Learn Kotlin Through Unit Tests

David Herman
Nov 7, 2019 · 10 min read

At I/O in 2019, we announced that Android is going Kotlin-first. However, some developers have mentioned they’re still uncertain how to proceed. It’s a scary first step to begin writing Kotlin code, especially if no one on the team is familiar with it.

Those of us on the Android Studio profilers team approached this incrementally. The first step was requiring all our unit tests to be written in Kotlin moving forward. Because these classes were isolated from production code, any initial missteps we made would be contained.

During this time I put together the following guide by collecting common issues that our team observed across several code reviews. I am reproducing it below in hopes that it helps others in the broader Android community.

Note: This post is aimed at Kotlin beginners. If you and your team are already writing Kotlin code effectively, this post may not include much new information for you. However, if you do read it and think you would have included something I didn’t, consider leaving a comment!


IDE Action: Convert Java File to Kotlin File

If you’re using Android Studio, the easiest way to start learning Kotlin is to write your test class in Java and then convert it into Kotlin by selecting Code → Convert Java File to Kotlin File from the menu bar.

This action may ask you “Some code in the rest of your project may require corrections after performing this conversion. Do you want to find such code and correct it too?” I recommend selecting “No” so you can focus on just one file at a time.

Although this action generates Kotlin code, what gets produced often leaves room for improvement. The following sections highlight common tips we collected from dozens of code reviews over such auto-generated code. Of course, there is far more to the Kotlin language than what is discussed below, but to keep this guide to the point, it only focuses on the recurring issues we observed.

High Level Language Comparison

Java and Kotlin at a high level look pretty similar.
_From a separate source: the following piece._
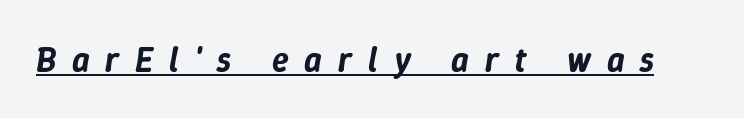
{"italic": "yes", "lean": "right", "slant_degrees": 9, "width": "normal", "stroke_contrast": "low", "x_height": "medium", "monospaced": "no", "underline": "yes", "letter_spacing": "wide", "letter_spacing_em": 0.47, "glyph_px": 34}
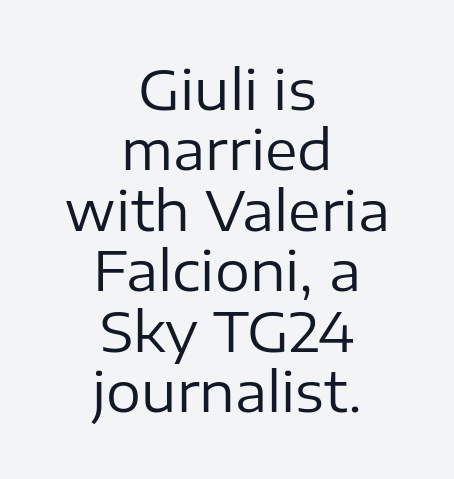
{"serif": "no", "italic": "no", "bold": "no", "weight": "regular", "width": "normal", "stroke_contrast": "low", "x_height": "medium", "monospaced": "no", "underline": "no", "align": "center", "line_spacing": "tight", "line_spacing_ratio": 1.1, "letter_spacing": "normal", "letter_spacing_em": 0.0, "glyph_px": 55}

The following is a skeleton test class written in Java and then in Kotlin.

/// Java
public class ExampleTest {
@Test
public void testMethod1() throws Exception {}
@Test
public void testMethod2() throws Exception {}
}
/// Kotlin
class ExampleTest {
@Test
fun testMethod1() {}
@Test
fun testMethod2() {}
}

It’s worth noting what’s streamlined in Kotlin:

  • Methods and classes are public by default.
  • The void return type doesn’t need to be explicitly declared.
  • There are no checked exceptions.

Semicolons are optional

This is one of those changes that probably feels really uncomfortable at first. In practice, you don’t need to worry about it too much. Just write your code, and if you put in semicolons out of habit, the code will still compile and the IDE will point them out. Just remove them all before submitting.
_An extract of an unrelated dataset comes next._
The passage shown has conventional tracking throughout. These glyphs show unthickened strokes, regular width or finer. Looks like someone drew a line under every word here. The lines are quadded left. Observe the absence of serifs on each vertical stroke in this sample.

Hate this choice or not, Java already removes semicolons in some places, which you can notice if you compare with C++ (which requires semicolons in more places).

/// C++
std::thread([this] { this->DoThreadWork(); });
/// Java
new Thread(() -> doThreadWork());
/// Kotlin
Thread { doThreadWork() }

Types are declared at the end

/// Java
int value = 10;
Entry add(String name, String description)
/// Kotlin
var value: Int = 10
fun add(name: String, description: String): Entry

Like optional semicolons, this change is one that you’re likely to find very hard to accept if you’re not used to it. It’s the exact opposite order that many have had ingrained into them over their programming career.
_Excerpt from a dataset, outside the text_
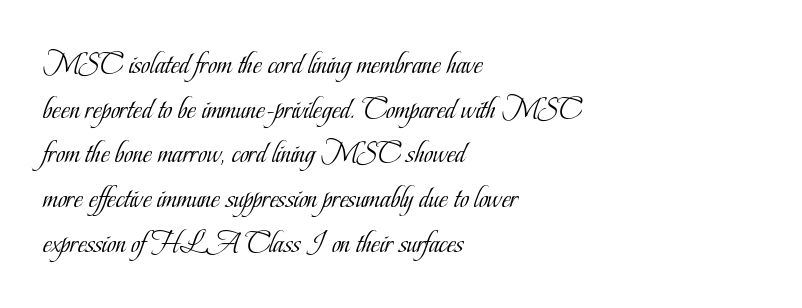
The image shows 31 px light, condensed serif type; set left-aligned, normal line spacing (1.44x), normal letter spacing, not underlined; low stroke contrast and a small x-height.

However, the advantage with this syntax is it makes it easier to omit types when they can be inferred. This is touched on further in a later section “Omitting variable types”.

This syntax also puts more emphasis on the variable itself and not its type. I find this order actually sounds more natural when talking about the code out loud:

/// Java
int result; // An integer that is a variable called "result".
/// Kotlin
var result: Int // A variable called "result" that is an integer.

The final thing I’d say about this syntax is, as awkward as it is to use at first, you will get used to it over time.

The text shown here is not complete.